* **WHAT THE TASK REQUIRES**
Say how many lines in the data below contain the word "slanted", and give no other text.

● ● ●

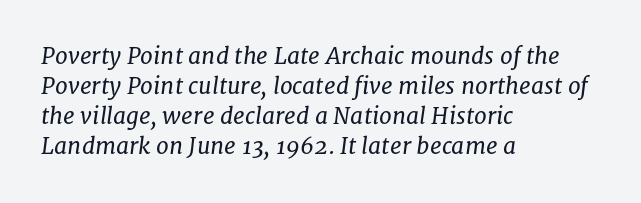
Does the copy run flush right? No — it runs flush left. Interline gaps are of average width in this sample. Observe the ordinary spacing: letters are neighbours, not strangers. The foot of each line stays bare and open.
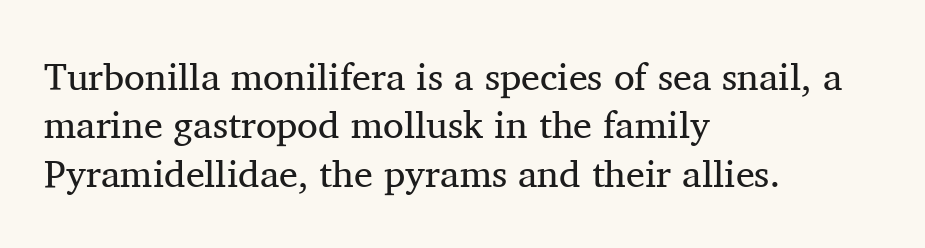
{"serif": "yes", "italic": "no", "bold": "no", "weight": "regular", "width": "normal", "stroke_contrast": "medium", "x_height": "medium", "monospaced": "no", "underline": "no", "align": "left", "line_spacing": "normal", "line_spacing_ratio": 1.27, "letter_spacing": "normal", "letter_spacing_em": 0.0, "glyph_px": 38}
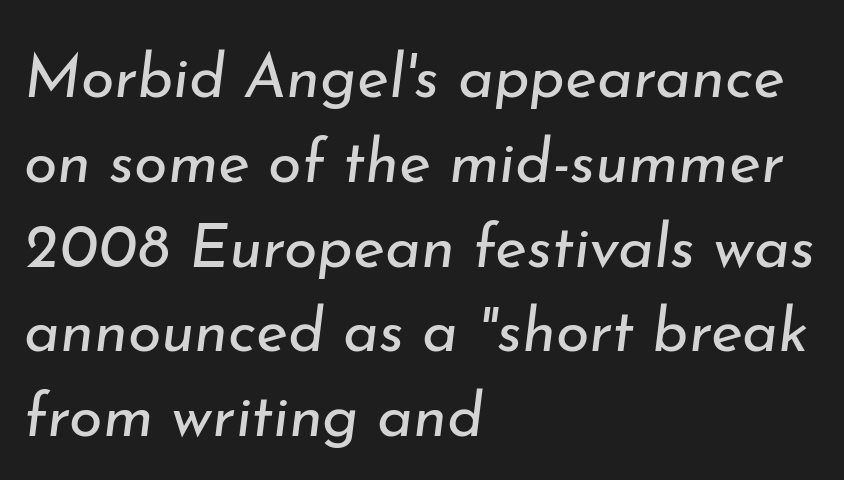
The text block is weighted toward the left margin, trailing off unevenly rightward. Is this a heavy cut? Hardly; it is regular or lighter. Rendered with sloped, italic letterforms. Looks like regular typesetting: each glyph gets only the width it needs. Glance below the letters and you will spot only blank space.
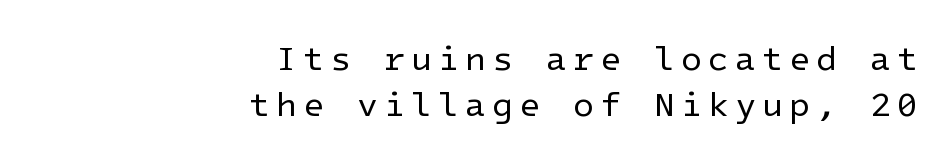
The zone under the glyphs is completely vacant. Summary of weight: not heavy and not bold. The ragged edge is on the left, which tells us the setting is flush right. Style check: upright.
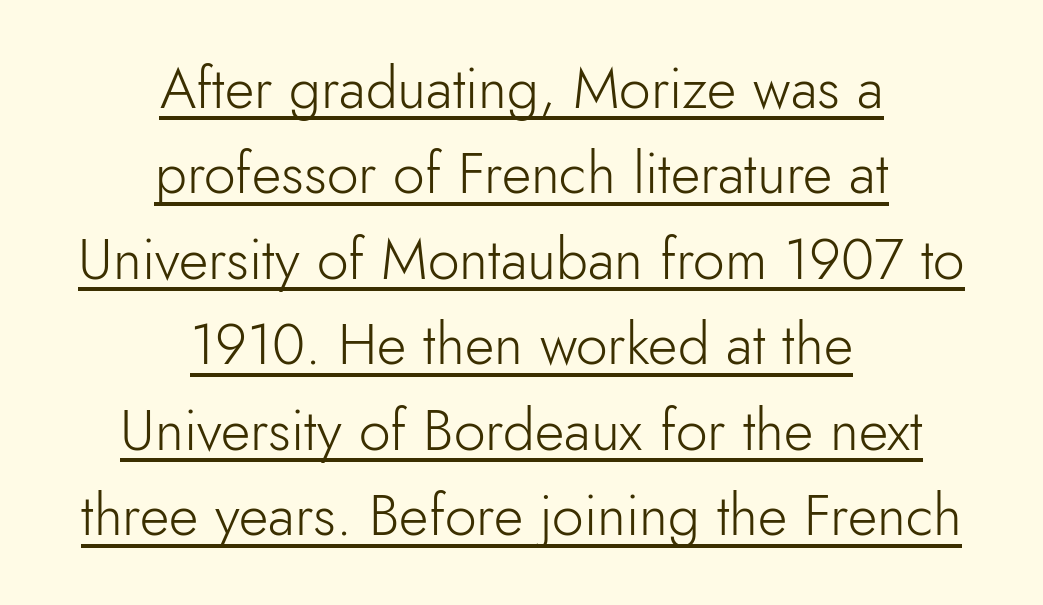
Q: Is the text bold? A: No.
Q: Is the text italic (slanted)? A: No, it is upright.
Q: Is the typeface a serif or a sans-serif typeface? A: Sans-serif.
Q: Is the text underlined? A: Yes.
Q: How is the paragraph aligned? A: Centered.
Q: Is the spacing between letters normal or unusually wide? A: Normal.
Q: Is the spacing between lines tight, normal or loose? A: Normal.
Q: Width (condensed, normal, or wide)? A: Normal.
Q: Stroke contrast? A: Low.
Q: x-height? A: Small.
Q: Monospaced? A: No.
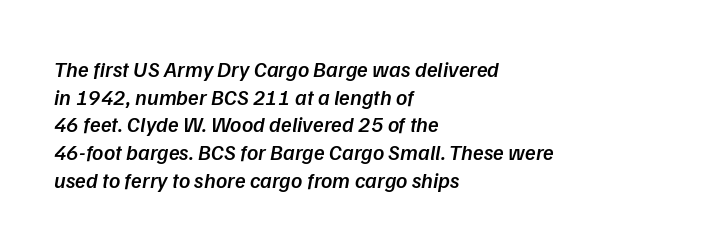
Q: Is the text bold? A: Semi-bold.
Q: Is the text underlined? A: No.
Q: How is the paragraph aligned? A: Left-aligned.
Q: Is the spacing between letters normal or unusually wide? A: Normal.
Q: Is the spacing between lines tight, normal or loose? A: Normal.
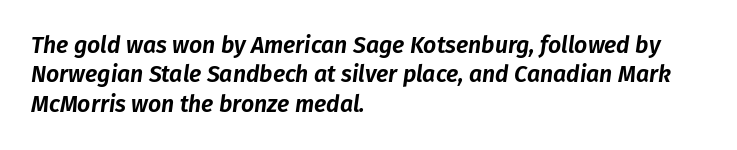
Q: Is the text italic (slanted)? A: Yes, it leans right by about 8 degrees.
Q: Is the text underlined? A: No.
Q: How is the paragraph aligned? A: Left-aligned.
Q: Is the spacing between letters normal or unusually wide? A: Normal.
Q: Is the spacing between lines tight, normal or loose? A: Normal.
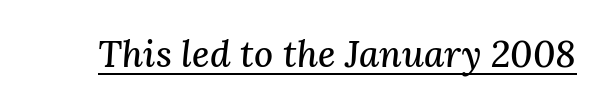
Nobody touched the tracking dial on this one. Like a heading marked for emphasis, these lines bear an underscore. Serifs: yes, visible at the terminals of the letterforms. Italic? Definitely — the glyphs are oblique.
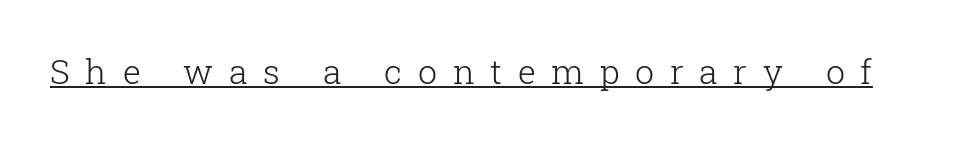
{"serif": "yes", "italic": "no", "bold": "no", "weight": "light", "width": "normal", "stroke_contrast": "low", "x_height": "medium", "monospaced": "no", "underline": "yes", "letter_spacing": "wide", "letter_spacing_em": 0.46, "glyph_px": 34}
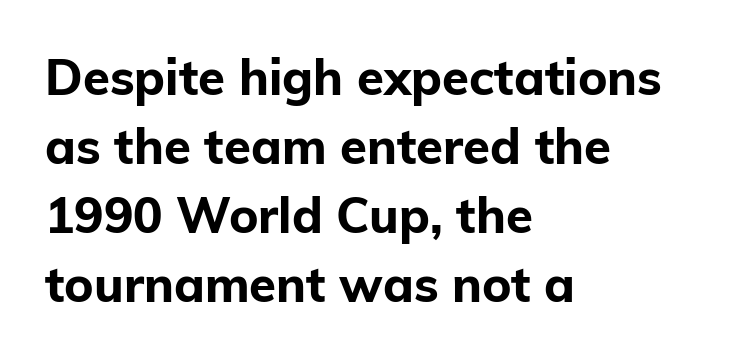
The image shows 49 px bold sans-serif type, upright; set left-aligned, normal line spacing (1.41x), normal letter spacing, not underlined; low stroke contrast and a medium x-height.
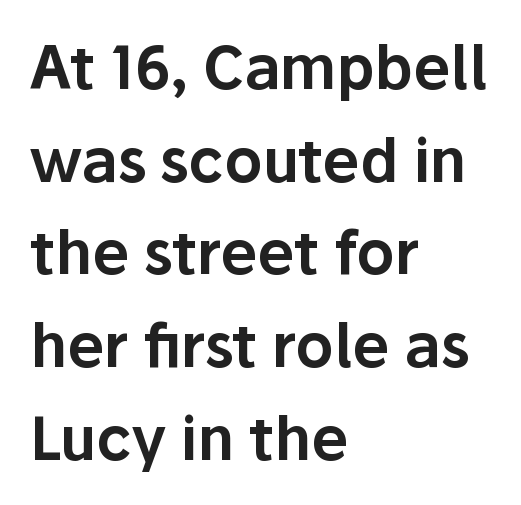
The image shows 59 px sans-serif type, upright; set left-aligned, normal line spacing (1.57x), normal letter spacing, not underlined; low stroke contrast and a medium x-height.
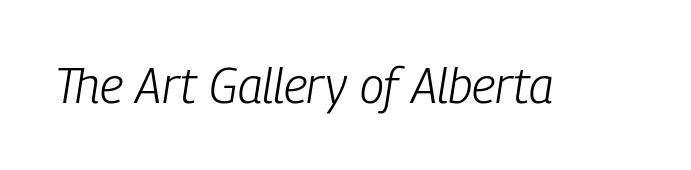
{"italic": "yes", "lean": "right", "slant_degrees": 9, "bold": "no", "weight": "light", "width": "condensed", "stroke_contrast": "low", "x_height": "medium", "monospaced": "no", "underline": "no", "letter_spacing": "normal", "letter_spacing_em": 0.0, "glyph_px": 49}
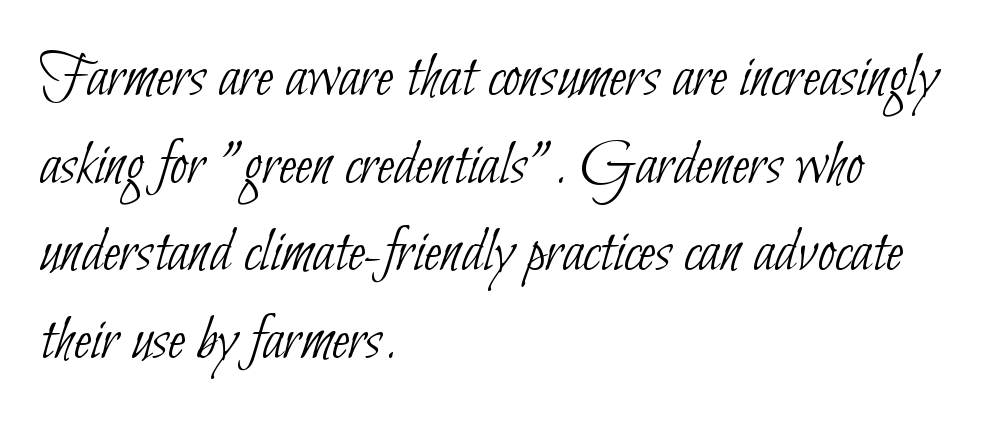
Q: Is the text bold? A: No.
Q: Is the typeface a serif or a sans-serif typeface? A: Sans-serif.
Q: Is the text underlined? A: No.
Q: How is the paragraph aligned? A: Left-aligned.
Q: Is the spacing between letters normal or unusually wide? A: Normal.
Q: Is the spacing between lines tight, normal or loose? A: Normal.
Q: Width (condensed, normal, or wide)? A: Condensed.
Q: Stroke contrast? A: Low.
Q: x-height? A: Small.
Q: Monospaced? A: No.
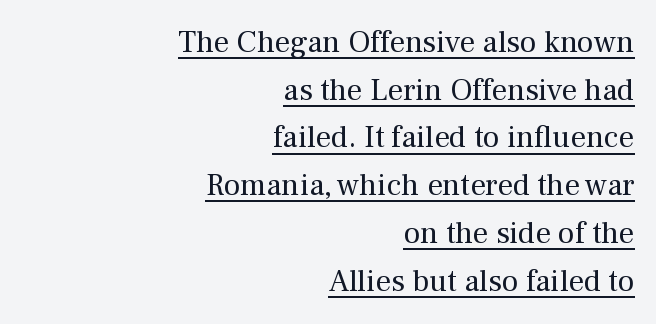
Varying glyph widths throughout — classic text-font behaviour. Inter-character spacing is left at the font's built-in metrics. The lettering holds an erect, upright posture throughout. Descenders here cross a horizontal rule under the line. Look at the bottom of the vertical strokes: they flare into serifs here.

● ● ●

* **TASK RESPONSE**
2